Newton-Leibniz theorem

Let ${\displaystyle F(x)}$ be such function that the (continuous) function ${\displaystyle f(x)}$ is its derivative i.e ${\displaystyle f(x)=dF(x)/dx}$ or ${\displaystyle F(x)}$ is the primitive function of ${\displaystyle f}$ then the definite integral ${\displaystyle \underset{a}{\overset{b}{\int }}f(x)\mathrm{d}x}$ is the area under the curve drawn by (positive) ${\displaystyle f}$ and

${\displaystyle \underset{a}{\overset{b}{\int }}f(x)\mathrm{d}x=F(b)-F(a)}$.

We will limit ourselves to the positive function in the interval ${\displaystyle [a,b]}$.

Let us estimate the area under the graph of the function ${\displaystyle f}$ by dividing densely the interval ${\displaystyle [a,b]}$ into sub-intervals with the ending points ${\displaystyle x_i}$ and with the length ${\displaystyle dx}$ and such that ${\displaystyle x_0=a}$ and ${\displaystyle x_n=b}$. If the ${\displaystyle dx}$ is small then between the two consecutive nodes ${\displaystyle x_i}$ and ${\displaystyle x_{i+1}}$ , we can assume that ${\displaystyle f(x_i)}$ approximate ${\displaystyle f(x_{i+1})}$, and the function ${\displaystyle f}$ is approximately linear and therefore the area under it can be approximated by the rectangle area with the width ${\displaystyle dx}$ and height ${\displaystyle f(x_i)}$

${\displaystyle P_i=f(x_i)dx}$

Then the total area under the graph of the function will be estimated as

${\displaystyle P=\sum P_i}$

Let ${\displaystyle F}$ be the primitive function of the function ${\displaystyle f}$. Then we can also estimate its derivative as

${\displaystyle f(x_i)=[F(x_{i+1})-F(x_i)]/dx}$

Now in the formula for ${\displaystyle P}$ we can re-express each value of ${\displaystyle f(x_i)}$ by values of ${\displaystyle F(x_i)}$ and ${\displaystyle F(x_{i+1})}$ (the same ${\displaystyle dx}$ in nominator and denominator cancels out)

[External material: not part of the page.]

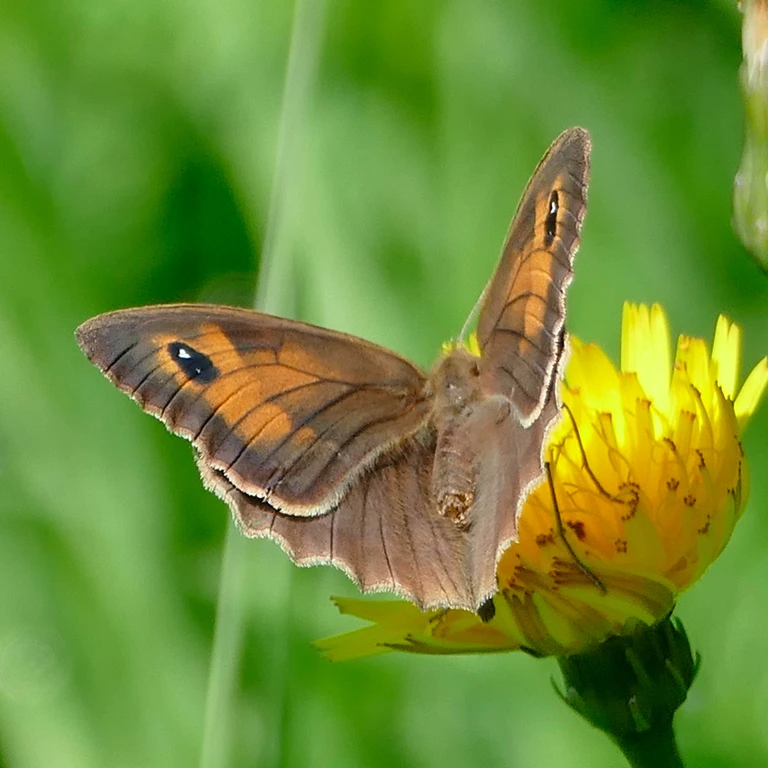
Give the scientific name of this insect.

${\displaystyle P=F(x_1)-F(x_0)+F(x_2)-F(x_1)+F(x_3)-F(x_2)+...+F(x_n)-F(x_{n-1})+\mathrm{\Theta }(dx)}$

Because the majority of the sum contributions show up it the sum twice but with the opposite sign and therefore cancels out we get the expression for the total area with the accuracy up the the small term in ${\displaystyle dx}$, ${\displaystyle \mathrm{\Theta }(dx)}$ which contains the endpoints terms, as

${\displaystyle P=F(x_n)-F(x_0)+\mathrm{\Theta }(dx)=F(b)-F(a)+\mathrm{\Theta }(dx)}$.

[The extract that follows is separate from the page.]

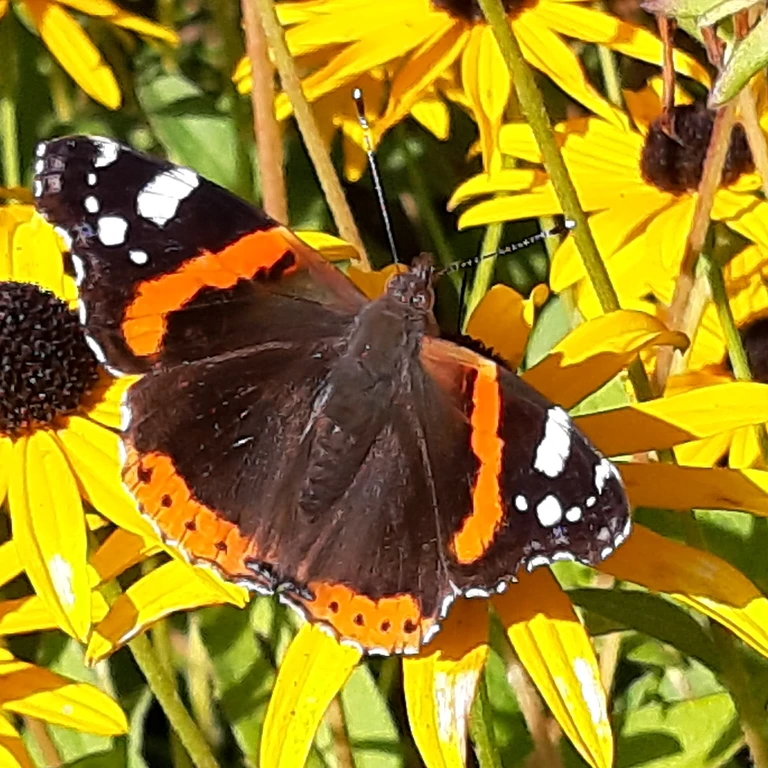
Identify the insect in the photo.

This proves the theorem. Note that the prove readily extends to the function ${\displaystyle f}$ that is nether continuous or positive everywhere when the above arguing is used piecewise in intervals between the sign change (when the function ${\displaystyle f}$ is negative the area between the x-axis and the function graph is than taken negative or with the negative sign) or between the discontinuity (the primitive function ${\displaystyle F}$ stays continuous but its curve may have sharp edges and ${\displaystyle f}$ may have a sudden jump in value).